Possibly the easiest way to design your fursona is to just make a design that base on their love of animal they like. Choose a animal that you like the most and really think of why you like animal. How dose that relate to you? For example, a lot of people choose foxes  because the fox is related to beauty, the supernatural and intelligence, so they make a fursona using those themes. But doesn't mean that have to keep the same anthropomorphic design that you see in most fox design you can take the features and add things that highlight those key features. Like adding a three eye to fit the supernatural theme of the fox, or adding bird wings for beauty, or give you fursona a book to keep the intelligence, etc. 

The most important thing to keep mind is that you have fun making your fursona, you like seeing it in action when it's finished, and that your design is not absolute. You can mix and match what whatever you as you want as long as you enjoy did it. I hope that helps? Your not the first with this problem.


----------



## Strangeguy32000 (Mar 6, 2016)

Dack Applewold is actually the _fourth _in a series of characters I sketched up while creating my fursona/designing my fursuit.

First one was Headshot the Zapdos, a longtime partner of mine in the Pokemon games (had him since FireRed version). I hit a wall designing a fursuit out of his species, so I free drew over a picture of me and then Trey the Zebrahound became a thing.
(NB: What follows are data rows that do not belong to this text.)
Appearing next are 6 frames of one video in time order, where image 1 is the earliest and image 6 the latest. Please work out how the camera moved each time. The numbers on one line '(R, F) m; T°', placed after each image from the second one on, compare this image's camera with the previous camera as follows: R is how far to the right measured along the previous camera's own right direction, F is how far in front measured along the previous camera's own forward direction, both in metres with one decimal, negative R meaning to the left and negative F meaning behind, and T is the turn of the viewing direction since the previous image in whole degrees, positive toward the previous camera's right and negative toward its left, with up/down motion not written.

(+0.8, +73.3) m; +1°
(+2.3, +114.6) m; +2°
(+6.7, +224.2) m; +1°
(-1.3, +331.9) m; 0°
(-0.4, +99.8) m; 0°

I didn't know how I was gonna do Trey's Mohawk/mane, (and besides, I don't consider myself hound-like) so I drew another Fursona, Dack Version 1.
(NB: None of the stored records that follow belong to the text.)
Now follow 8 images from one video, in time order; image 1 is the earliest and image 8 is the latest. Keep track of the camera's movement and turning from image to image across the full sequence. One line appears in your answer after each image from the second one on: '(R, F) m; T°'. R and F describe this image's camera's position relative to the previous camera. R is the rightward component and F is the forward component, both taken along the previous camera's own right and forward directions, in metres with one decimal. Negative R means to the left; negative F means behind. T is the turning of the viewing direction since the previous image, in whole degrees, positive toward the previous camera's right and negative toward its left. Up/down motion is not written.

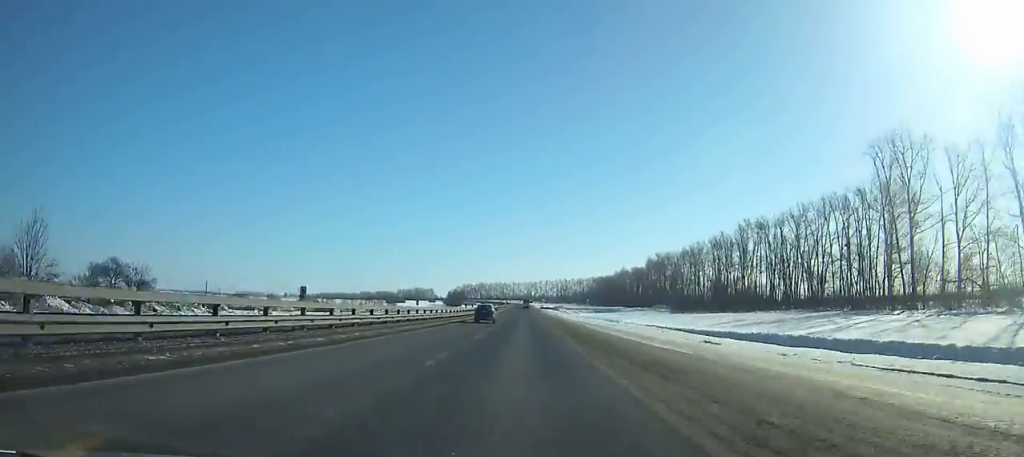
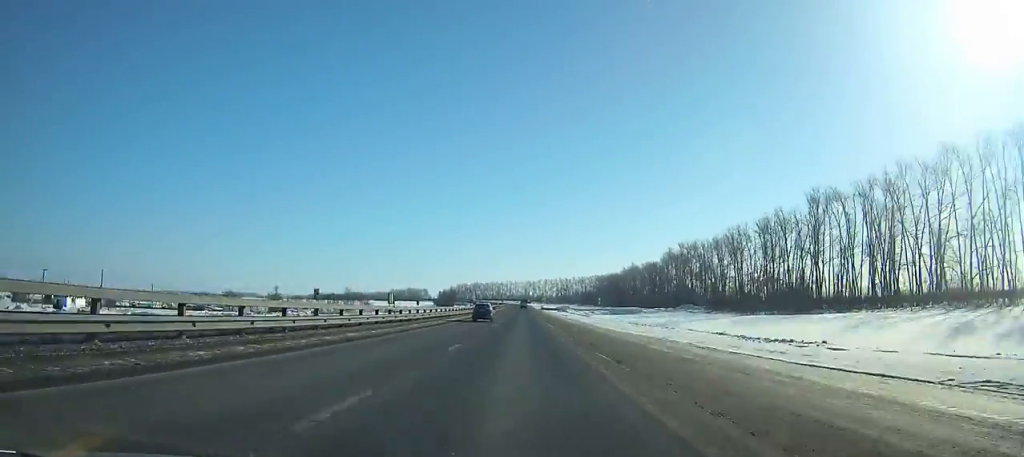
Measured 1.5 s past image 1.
(+0.1, +40.4) m; 0°
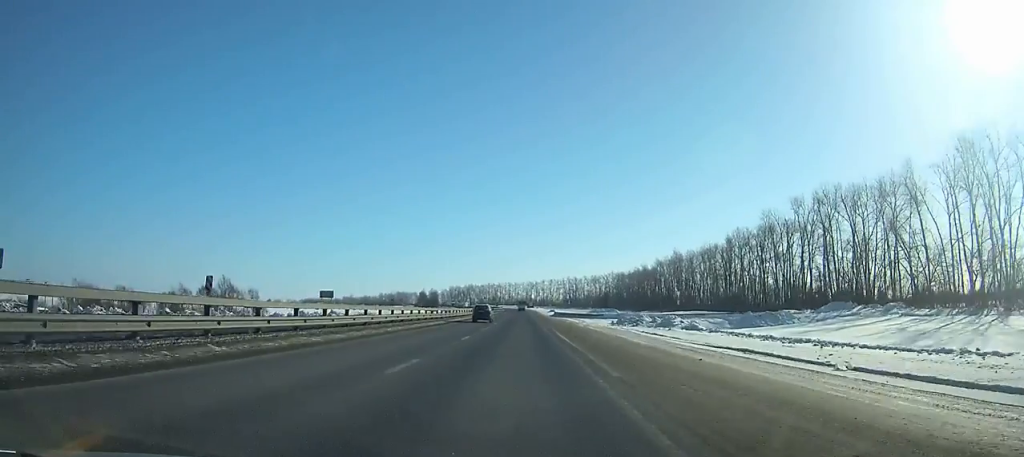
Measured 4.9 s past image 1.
(-0.2, +91.4) m; 0°
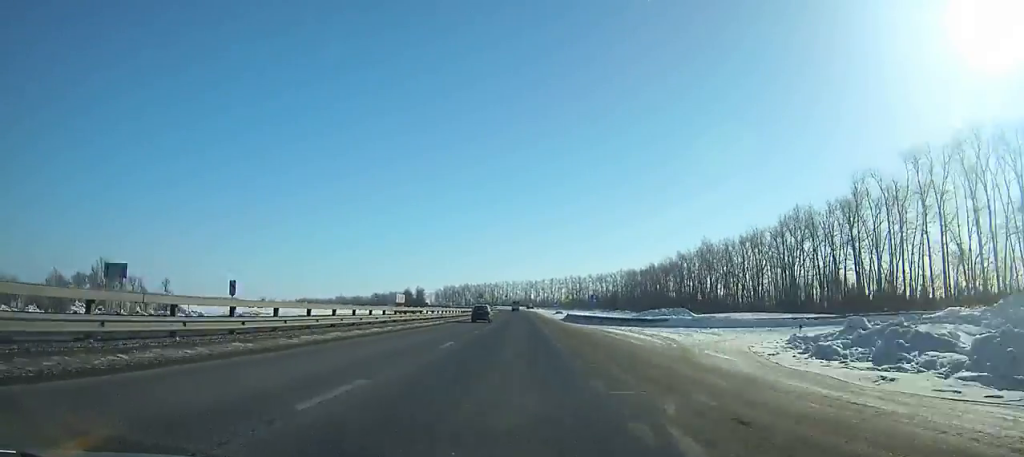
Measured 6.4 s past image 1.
(-0.1, +40.4) m; 0°
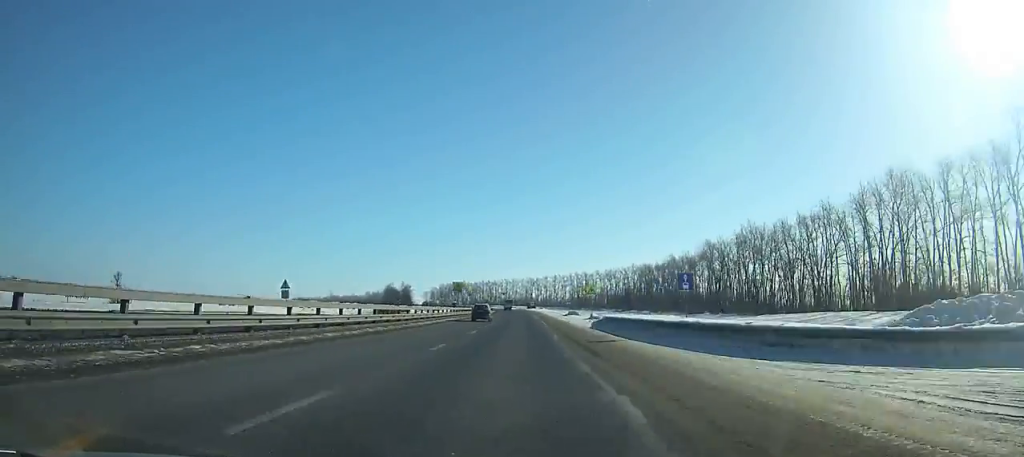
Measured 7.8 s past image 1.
(+0.1, +37.7) m; 0°
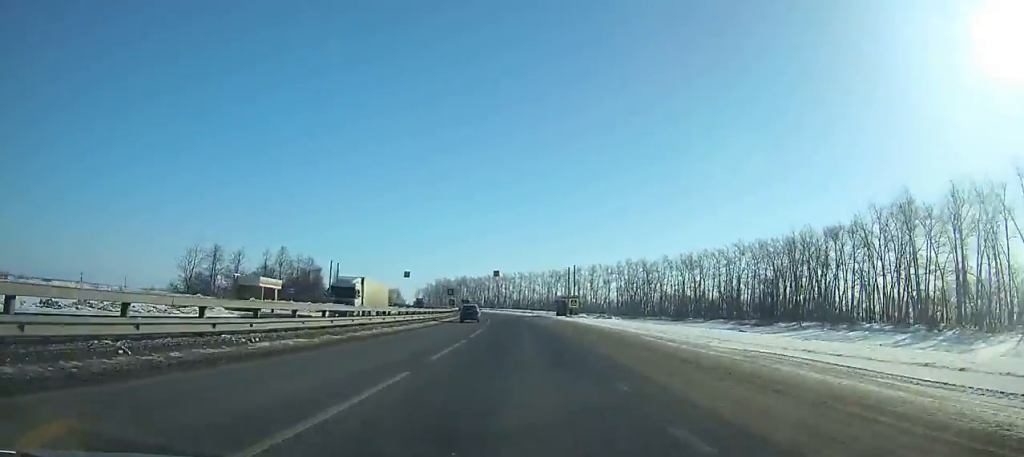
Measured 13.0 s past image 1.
(-1.1, +140.2) m; -2°
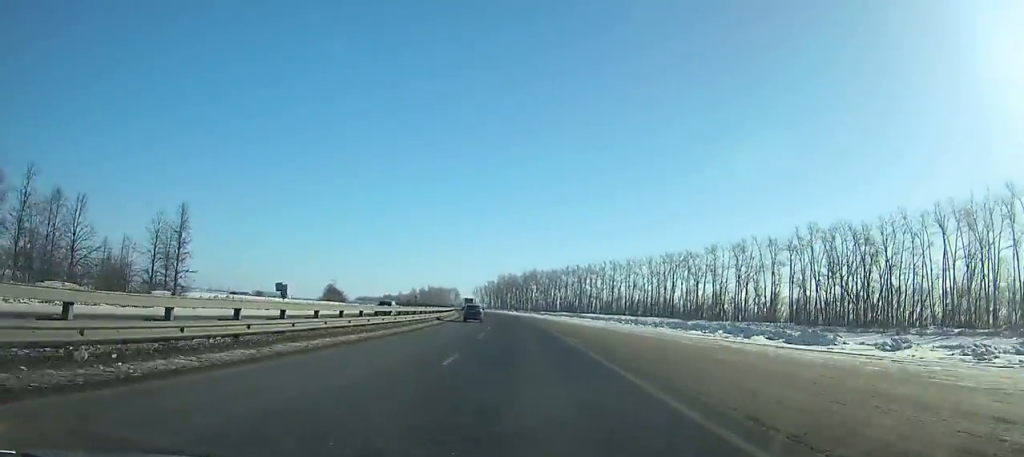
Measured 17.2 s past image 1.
(-4.3, +112.7) m; -6°
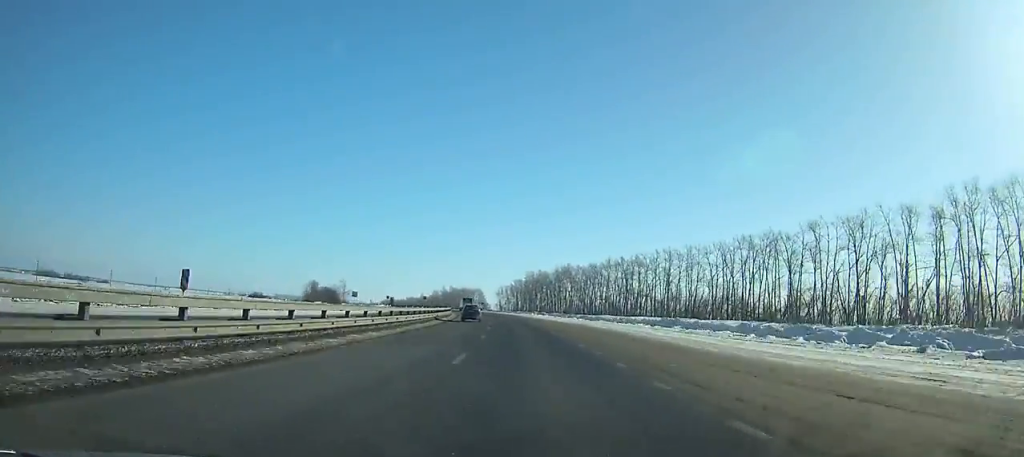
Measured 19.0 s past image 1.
(-1.5, +48.2) m; -3°

I wasn't keen on Dack V1's dark color scheme (Maroon and darker purple) so I redrew Dack to be more Vulpine with a more natural color scheme (though keeping the purple accents and hair) so Dack Applewold was born




As Dack the Fox.

Basically, I kept redrawing until I was happy.


----------



## Troxt (Mar 6, 2016)

Edited main post.


----------



## Troxt (Mar 6, 2016)

Now I can't draw, so I took the cheap way out and used pixels (even then it's horrid), but here is somekind of thing to help visualize it.


----------



## Moderator-Gazelle (Mar 7, 2016)

Troxt said:


> Now I can't draw, so I took the cheap way out and used pixels (even then it's horrid), but here is somekind of thing to help visualize it.



It's not a bad first attempt with pixels! I've seen a lot of tail dips and ear dips to make someone's sona look unique, but why not consider some more interesting features like dichromatic eyes or markings on the face or body? Usually those changes in fur pattern or color swaps can help make a character unique to you!


----------



## Troxt (Mar 8, 2016)

Moderator-Gazelle said:


> It's not a bad first attempt with pixels! I've seen a lot of tail dips and ear dips to make someone's sona look unique, but why not consider some more interesting features like dichromatic eyes or markings on the face or body? Usually those changes in fur pattern or color swaps can help make a character unique to you!
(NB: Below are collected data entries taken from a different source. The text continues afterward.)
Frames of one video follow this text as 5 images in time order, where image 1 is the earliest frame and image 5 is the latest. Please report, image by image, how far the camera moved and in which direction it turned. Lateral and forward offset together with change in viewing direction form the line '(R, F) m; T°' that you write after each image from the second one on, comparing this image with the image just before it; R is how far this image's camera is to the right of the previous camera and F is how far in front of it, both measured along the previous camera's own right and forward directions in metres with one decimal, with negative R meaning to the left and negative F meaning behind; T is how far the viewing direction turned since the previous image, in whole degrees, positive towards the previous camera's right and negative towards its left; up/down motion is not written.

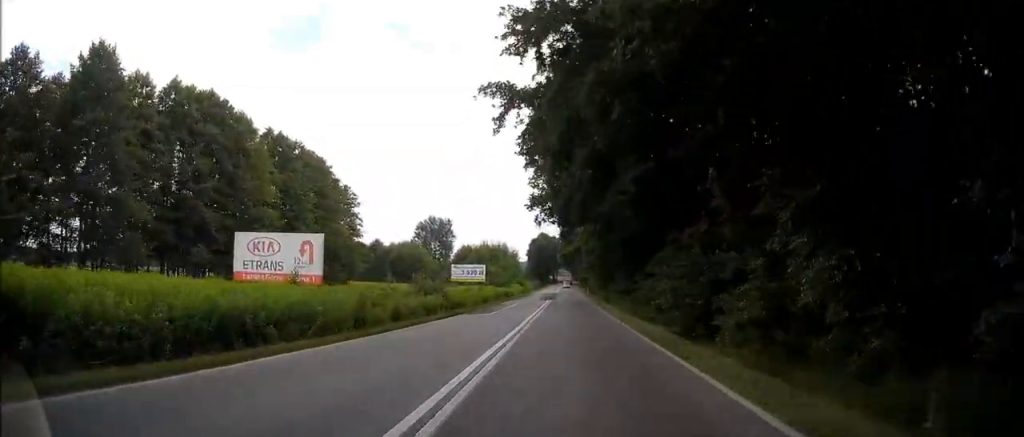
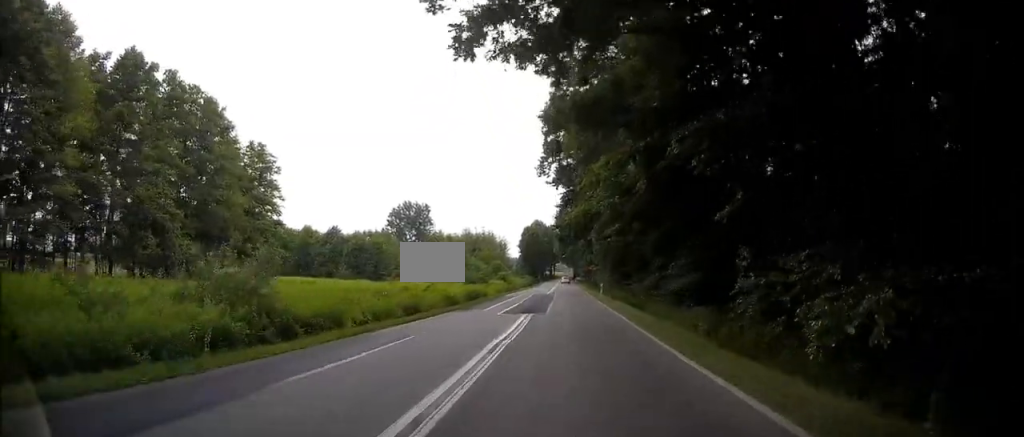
(+0.1, +28.9) m; 0°
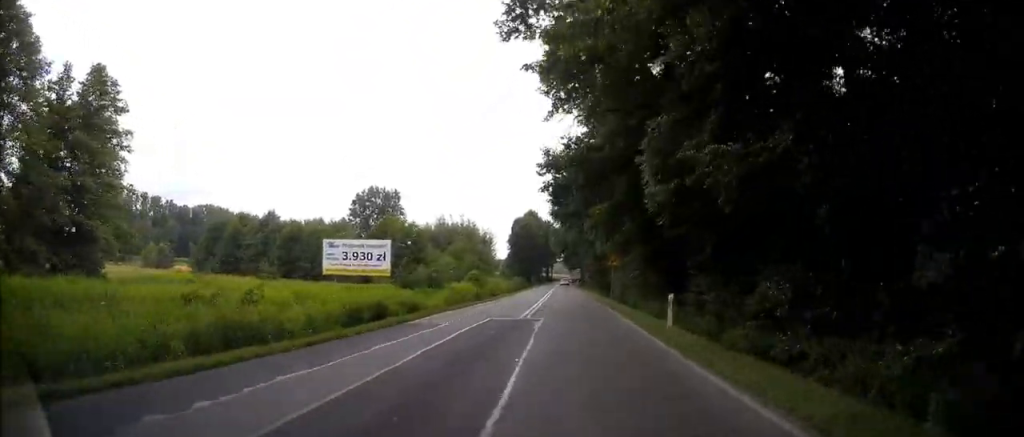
(-0.2, +28.7) m; 0°
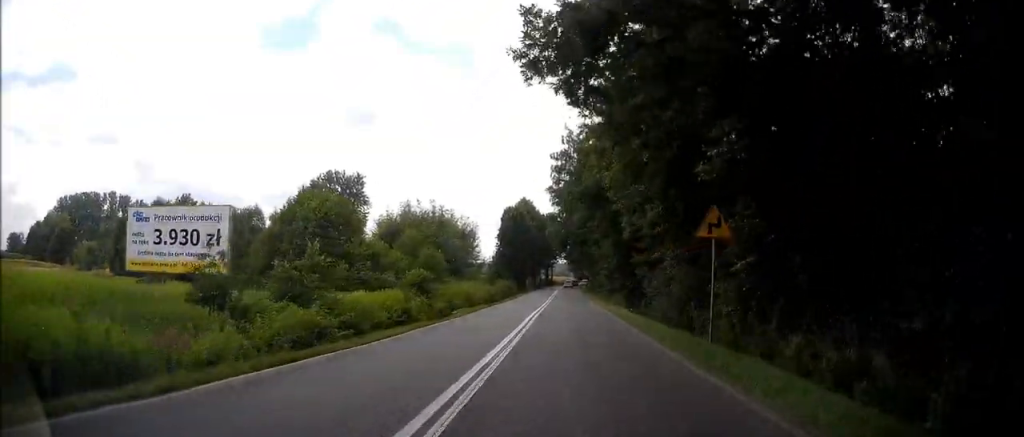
(0.0, +24.3) m; 0°
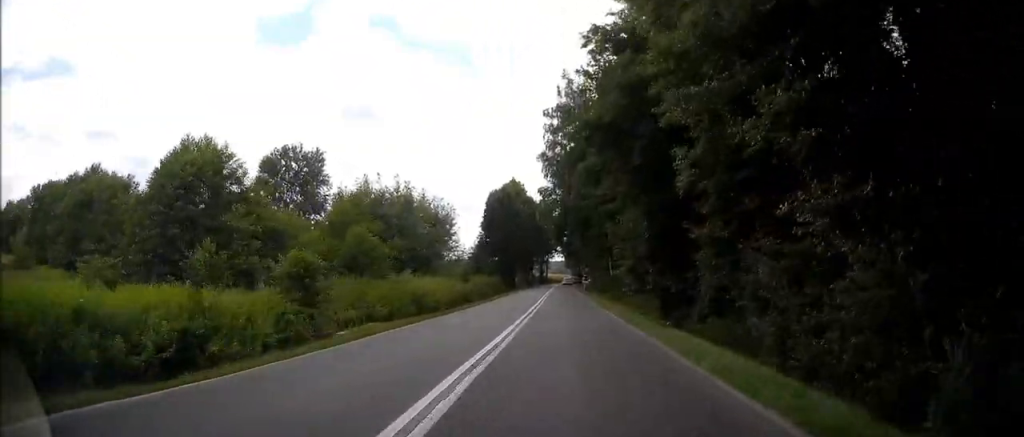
(0.0, +16.2) m; -1°

The eyes sounds like a great idea, and I'll look into some other things as well to help. Thanks!


----------



## Tatsuchan18 (Mar 9, 2016)

you could also fuse it a bit. Add different parts form other animals. I'm a shiba inu with small dragon wings.


----------



## Paradox13 (Mar 10, 2016)

I used to always want to make a fursona that was unique and stood out from the rest. But its not always an appearence that make us unique. Its our behavior.

During your fursona creation, I say dont try to make him physically different. Its a fursona... Furry persona. Perhaps try making him like you. Have a scar or freckles or whatever.. Then make your fursona represent you.

Have a habit, or a passion or any other distinctive personality trait, give it to the fox. You yourself are unique. Maybe bring that to the table?


----------